Ничего мы не выяснили, но остались друзьями. Мы выходим на улицу почти в обнимку, Олег и Камсарыч за нами. Акоп — уроженец Эчмиадзина, и, пока мы идем по аллее к храму, он рассказывает, как вот по этим дорожкам катался в детстве на велосипеде. Я намеренно не вслушиваюсь в его слова, я пытаюсь настроиться на нечто возвышенное: раннее христианство, четвертый век, католикос, святые таинства… И упираюсь глазами в очередной щит-транспарант. Гады, мало что по-армянски, так еще специально для меня по-русски! И теперь долго остается во рту тупая тошнота привычных и бессмысленных словосочетаний…

«Ах, Россия-матушка, крепка твоя лапушка. Бьет ли, ласкает, а все она тут, все с нами!»

Только Пушкиным и разгонять эту нечисть…

Кружева ограды и выставленных вдоль нее хачкаров. Мы входим в ворота, башенки храма маячат вдали сквозь зелень. И Акоп говорит мне… Не помню что. Ничего не помню, что было дальше. Только зрительные-растительные ощущения. Только двуцветные кружева, зеленые — зелень и кофейные — камень. И над всем этим — башенки, башенки, башенки, много башенок, целых четыре штуки. Бутылок, я думаю, было две, и Камсарыч почти не пил, а мне без конца подливали, вот оно что… И последние мои слова, которые я еще помню, произнесенные уже без мысли и воли. О храме: какое гармоничное здание, но две боковые башенки лишние, я бы их снял. «Молодец! — говорит Акоп. — Если раньше не знал — молодец!
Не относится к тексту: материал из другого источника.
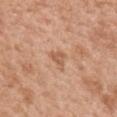subject=female, aged approximately 40
imaging modality=~15 mm crop, total-body skin-cancer survey
TBP lesion metrics=an area of roughly 3.5 mm², an eccentricity of roughly 0.6, and a symmetry-axis asymmetry near 0.5; a mean CIELAB color near L≈58 a*≈22 b*≈34, roughly 9 lightness units darker than nearby skin, and a normalized lesion–skin contrast near 6; a detector confidence of about 100 out of 100 that the crop contains a lesion
site=the mid back
diameter=≈2.5 mm
tile lighting=white-light illumination
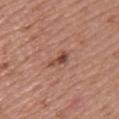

Боковые башенки лишние, поздняя пристройка, тринадцатый век».

На обратном пути я помню коробку. Огромную плоскую картонную коробку, как два сложенных противня. Откуда-то из зелени, из глубины парка, принесли ее Акоп и Камсарыч и, усевшись в машине рядом, положили себе на колени. Потом я увидел ее уже в помещении, в чистом прохладном зале со стульями-бочонками вдоль длинного стола, с застекленными стендами, в которых темнели колбы с вином. Этикетки с паспортными данными вин были то ли наклеены на каждую колбу, то ли прислонены к ней, уже не помню. Коробка стояла на столе раскрытая, там в лавашной скатерти, на подстилке из зелени, бугрились и поблескивали еще не остывшие длинные кебабы. Женщина в белом халате внесла поднос. Тоже — колбы и этикетки. Уж наверно, они были наклеены. Пили и ели и говорили тосты, и я позорно спал на своих ладонях, и никто не сделал мне замечания. Потом мы как-то оттуда выбрались, передавая друг другу слово «дегустация», в тот момент сонное и тошноватое. Но и это было еще не все. Мы еще заезжали в Звартноц, там смотрели рисунок прекрасного храма и видели разнообразные камни, из которых он будто бы состоял. Все камни, вне зависимости от формы, размеров и былой высоты положения, лежали на площадке на одном уровне, под огромным, уже потемневшим небом, лишенные всякого волевого импульса, бессильно подчинившиеся энтропии. Иллюстрация всеобщего равенства, сказал я Олегу. (За четкость сказанного не ручаюсь, но подумал довольно ясно, это я помню, благо мысль была готовая и не совсем моя).